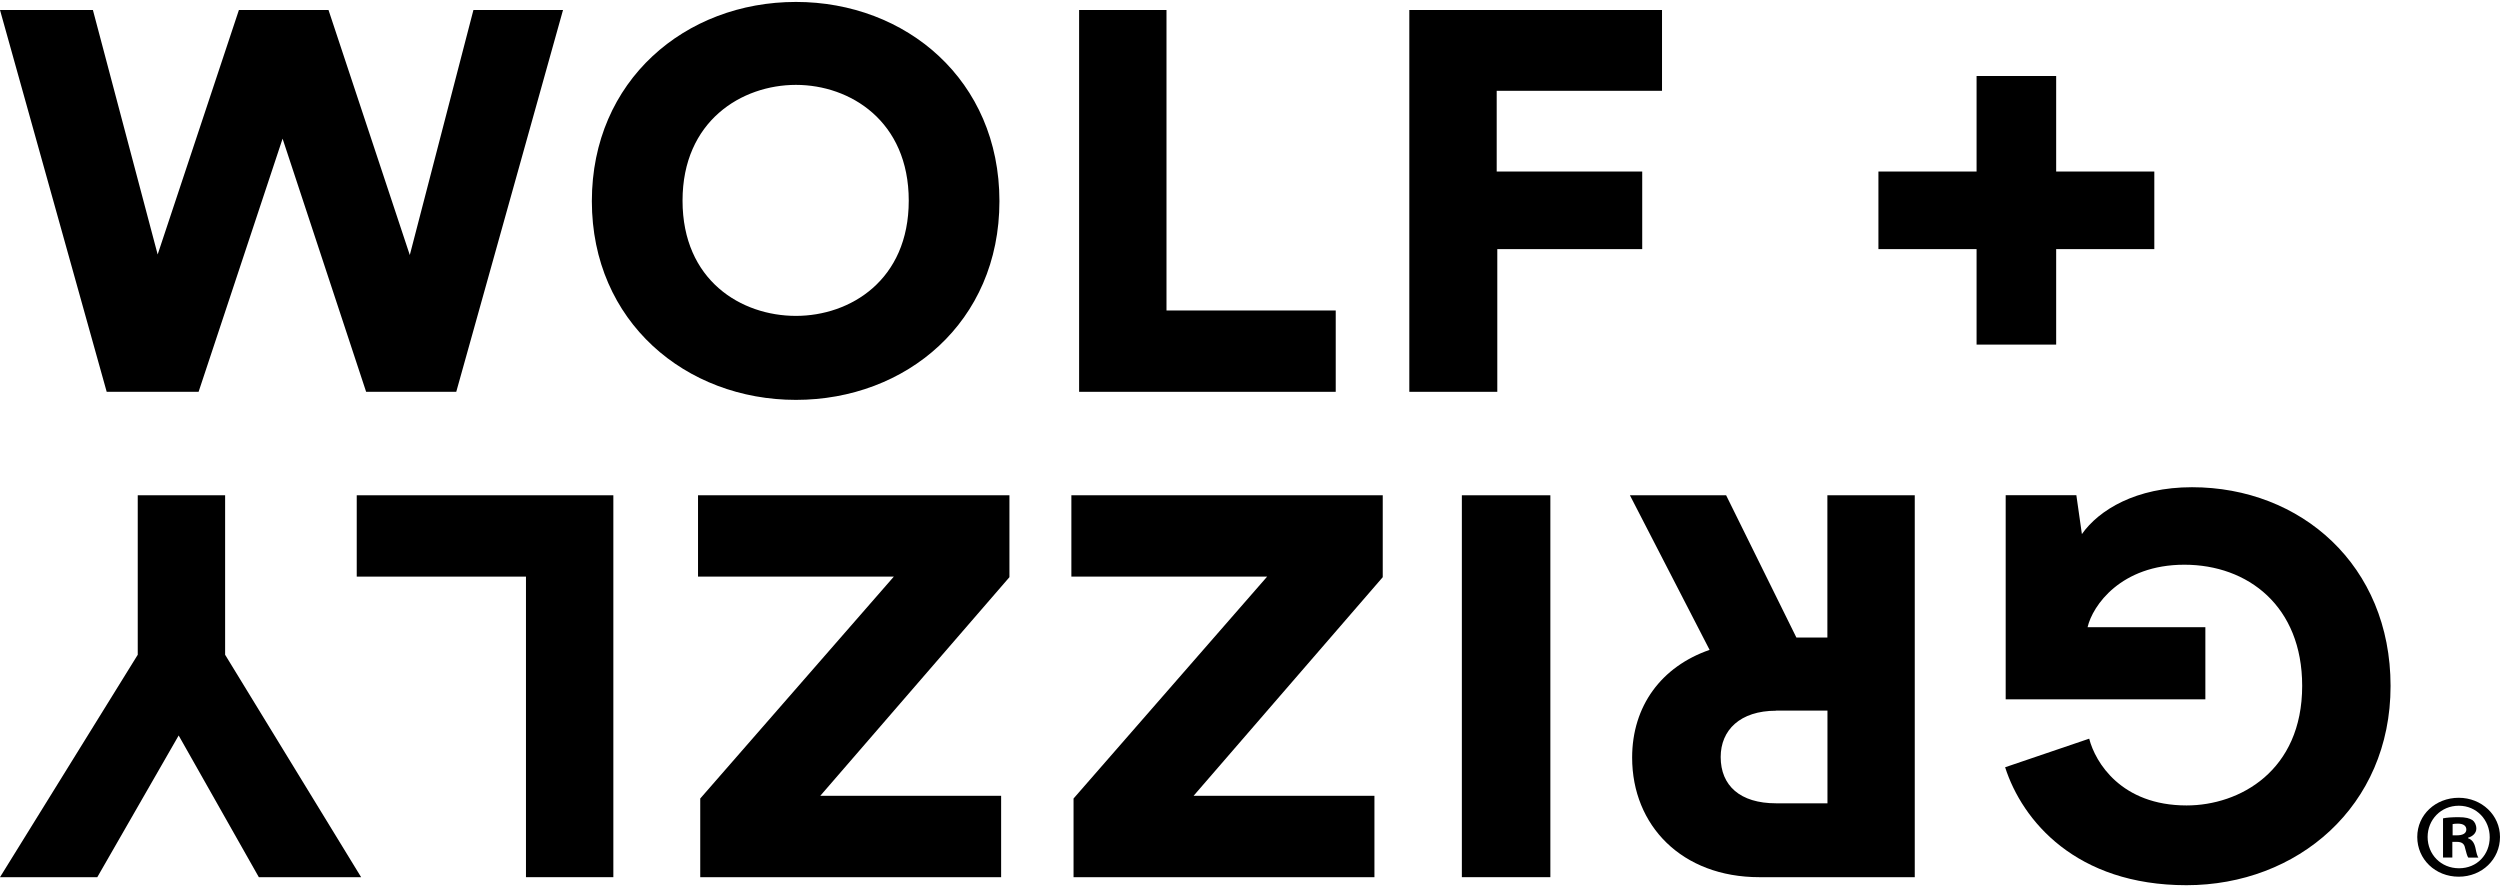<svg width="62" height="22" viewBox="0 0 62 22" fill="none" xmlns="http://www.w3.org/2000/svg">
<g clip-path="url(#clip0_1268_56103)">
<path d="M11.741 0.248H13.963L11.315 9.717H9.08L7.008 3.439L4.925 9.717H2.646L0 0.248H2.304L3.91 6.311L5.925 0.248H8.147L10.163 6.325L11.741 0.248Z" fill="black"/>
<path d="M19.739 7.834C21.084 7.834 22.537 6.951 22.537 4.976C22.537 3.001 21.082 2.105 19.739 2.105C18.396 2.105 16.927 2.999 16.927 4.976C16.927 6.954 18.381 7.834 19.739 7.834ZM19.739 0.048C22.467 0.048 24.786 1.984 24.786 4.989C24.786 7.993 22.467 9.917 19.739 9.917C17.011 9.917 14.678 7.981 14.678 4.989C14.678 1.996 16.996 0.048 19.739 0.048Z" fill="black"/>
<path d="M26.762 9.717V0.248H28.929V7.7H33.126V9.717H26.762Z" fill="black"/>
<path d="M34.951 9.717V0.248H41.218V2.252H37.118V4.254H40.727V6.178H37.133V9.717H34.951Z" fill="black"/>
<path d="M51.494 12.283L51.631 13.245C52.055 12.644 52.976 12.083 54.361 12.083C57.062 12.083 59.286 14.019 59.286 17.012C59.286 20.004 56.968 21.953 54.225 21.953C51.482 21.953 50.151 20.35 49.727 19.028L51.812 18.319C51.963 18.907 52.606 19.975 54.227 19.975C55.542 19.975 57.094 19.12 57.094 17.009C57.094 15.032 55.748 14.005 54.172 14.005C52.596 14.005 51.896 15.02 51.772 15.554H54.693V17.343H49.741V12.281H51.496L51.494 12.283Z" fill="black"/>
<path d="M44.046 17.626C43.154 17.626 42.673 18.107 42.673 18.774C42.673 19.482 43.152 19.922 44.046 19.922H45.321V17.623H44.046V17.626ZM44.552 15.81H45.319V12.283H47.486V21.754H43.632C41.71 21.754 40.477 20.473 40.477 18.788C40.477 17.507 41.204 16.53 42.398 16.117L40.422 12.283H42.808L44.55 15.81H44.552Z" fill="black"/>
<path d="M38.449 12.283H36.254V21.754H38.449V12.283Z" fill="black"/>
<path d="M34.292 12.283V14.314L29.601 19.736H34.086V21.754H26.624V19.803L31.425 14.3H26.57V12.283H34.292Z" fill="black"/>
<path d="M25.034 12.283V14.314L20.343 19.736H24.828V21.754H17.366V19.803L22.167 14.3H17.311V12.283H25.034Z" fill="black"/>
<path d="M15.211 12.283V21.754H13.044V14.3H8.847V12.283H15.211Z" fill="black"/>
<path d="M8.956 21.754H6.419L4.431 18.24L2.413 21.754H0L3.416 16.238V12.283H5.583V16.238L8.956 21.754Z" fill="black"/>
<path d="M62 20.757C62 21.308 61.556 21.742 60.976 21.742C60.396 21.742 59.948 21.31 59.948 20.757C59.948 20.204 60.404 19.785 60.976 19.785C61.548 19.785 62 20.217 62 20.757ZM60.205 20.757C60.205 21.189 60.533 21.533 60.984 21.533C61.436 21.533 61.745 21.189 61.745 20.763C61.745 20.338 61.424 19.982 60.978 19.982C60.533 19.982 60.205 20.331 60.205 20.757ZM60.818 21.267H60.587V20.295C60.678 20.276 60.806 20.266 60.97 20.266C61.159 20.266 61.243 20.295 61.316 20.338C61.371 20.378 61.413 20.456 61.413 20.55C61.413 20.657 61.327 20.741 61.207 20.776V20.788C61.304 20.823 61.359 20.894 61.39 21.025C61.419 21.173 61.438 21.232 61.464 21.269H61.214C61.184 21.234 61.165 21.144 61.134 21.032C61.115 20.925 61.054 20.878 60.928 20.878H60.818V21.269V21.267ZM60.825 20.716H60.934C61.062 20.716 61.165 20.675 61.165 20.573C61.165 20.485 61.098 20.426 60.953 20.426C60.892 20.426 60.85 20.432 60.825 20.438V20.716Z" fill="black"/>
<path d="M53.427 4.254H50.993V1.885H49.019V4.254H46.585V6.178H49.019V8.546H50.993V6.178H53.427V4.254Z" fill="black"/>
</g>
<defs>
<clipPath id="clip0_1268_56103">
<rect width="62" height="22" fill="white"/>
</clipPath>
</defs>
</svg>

____

▸ **PROBLEM**
Starting with the first entry and ending with the last, reproduce the listing exactly, without its pictures.

▸ **WRITTEN SOLUTION**
<svg width="62" height="22" viewBox="0 0 62 22" fill="none" xmlns="http://www.w3.org/2000/svg">
<g clip-path="url(#clip0_1268_56103)">
<path d="M11.741 0.248H13.963L11.315 9.717H9.08L7.008 3.439L4.925 9.717H2.646L0 0.248H2.304L3.91 6.311L5.925 0.248H8.147L10.163 6.325L11.741 0.248Z" fill="black"/>
<path d="M19.739 7.834C21.084 7.834 22.537 6.951 22.537 4.976C22.537 3.001 21.082 2.105 19.739 2.105C18.396 2.105 16.927 2.999 16.927 4.976C16.927 6.954 18.381 7.834 19.739 7.834ZM19.739 0.048C22.467 0.048 24.786 1.984 24.786 4.989C24.786 7.993 22.467 9.917 19.739 9.917C17.011 9.917 14.678 7.981 14.678 4.989C14.678 1.996 16.996 0.048 19.739 0.048Z" fill="black"/>
<path d="M26.762 9.717V0.248H28.929V7.7H33.126V9.717H26.762Z" fill="black"/>
<path d="M34.951 9.717V0.248H41.218V2.252H37.118V4.254H40.727V6.178H37.133V9.717H34.951Z" fill="black"/>
<path d="M51.494 12.283L51.631 13.245C52.055 12.644 52.976 12.083 54.361 12.083C57.062 12.083 59.286 14.019 59.286 17.012C59.286 20.004 56.968 21.953 54.225 21.953C51.482 21.953 50.151 20.35 49.727 19.028L51.812 18.319C51.963 18.907 52.606 19.975 54.227 19.975C55.542 19.975 57.094 19.12 57.094 17.009C57.094 15.032 55.748 14.005 54.172 14.005C52.596 14.005 51.896 15.02 51.772 15.554H54.693V17.343H49.741V12.281H51.496L51.494 12.283Z" fill="black"/>
<path d="M44.046 17.626C43.154 17.626 42.673 18.107 42.673 18.774C42.673 19.482 43.152 19.922 44.046 19.922H45.321V17.623H44.046V17.626ZM44.552 15.81H45.319V12.283H47.486V21.754H43.632C41.71 21.754 40.477 20.473 40.477 18.788C40.477 17.507 41.204 16.53 42.398 16.117L40.422 12.283H42.808L44.55 15.81H44.552Z" fill="black"/>
<path d="M38.449 12.283H36.254V21.754H38.449V12.283Z" fill="black"/>
<path d="M34.292 12.283V14.314L29.601 19.736H34.086V21.754H26.624V19.803L31.425 14.3H26.57V12.283H34.292Z" fill="black"/>
<path d="M25.034 12.283V14.314L20.343 19.736H24.828V21.754H17.366V19.803L22.167 14.3H17.311V12.283H25.034Z" fill="black"/>
<path d="M15.211 12.283V21.754H13.044V14.3H8.847V12.283H15.211Z" fill="black"/>
<path d="M8.956 21.754H6.419L4.431 18.24L2.413 21.754H0L3.416 16.238V12.283H5.583V16.238L8.956 21.754Z" fill="black"/>
<path d="M62 20.757C62 21.308 61.556 21.742 60.976 21.742C60.396 21.742 59.948 21.31 59.948 20.757C59.948 20.204 60.404 19.785 60.976 19.785C61.548 19.785 62 20.217 62 20.757ZM60.205 20.757C60.205 21.189 60.533 21.533 60.984 21.533C61.436 21.533 61.745 21.189 61.745 20.763C61.745 20.338 61.424 19.982 60.978 19.982C60.533 19.982 60.205 20.331 60.205 20.757ZM60.818 21.267H60.587V20.295C60.678 20.276 60.806 20.266 60.97 20.266C61.159 20.266 61.243 20.295 61.316 20.338C61.371 20.378 61.413 20.456 61.413 20.55C61.413 20.657 61.327 20.741 61.207 20.776V20.788C61.304 20.823 61.359 20.894 61.39 21.025C61.419 21.173 61.438 21.232 61.464 21.269H61.214C61.184 21.234 61.165 21.144 61.134 21.032C61.115 20.925 61.054 20.878 60.928 20.878H60.818V21.269V21.267ZM60.825 20.716H60.934C61.062 20.716 61.165 20.675 61.165 20.573C61.165 20.485 61.098 20.426 60.953 20.426C60.892 20.426 60.85 20.432 60.825 20.438V20.716Z" fill="black"/>
<path d="M53.427 4.254H50.993V1.885H49.019V4.254H46.585V6.178H49.019V8.546H50.993V6.178H53.427V4.254Z" fill="black"/>
</g>
<defs>
<clipPath id="clip0_1268_56103">
<rect width="62" height="22" fill="white"/>
</clipPath>
</defs>
</svg>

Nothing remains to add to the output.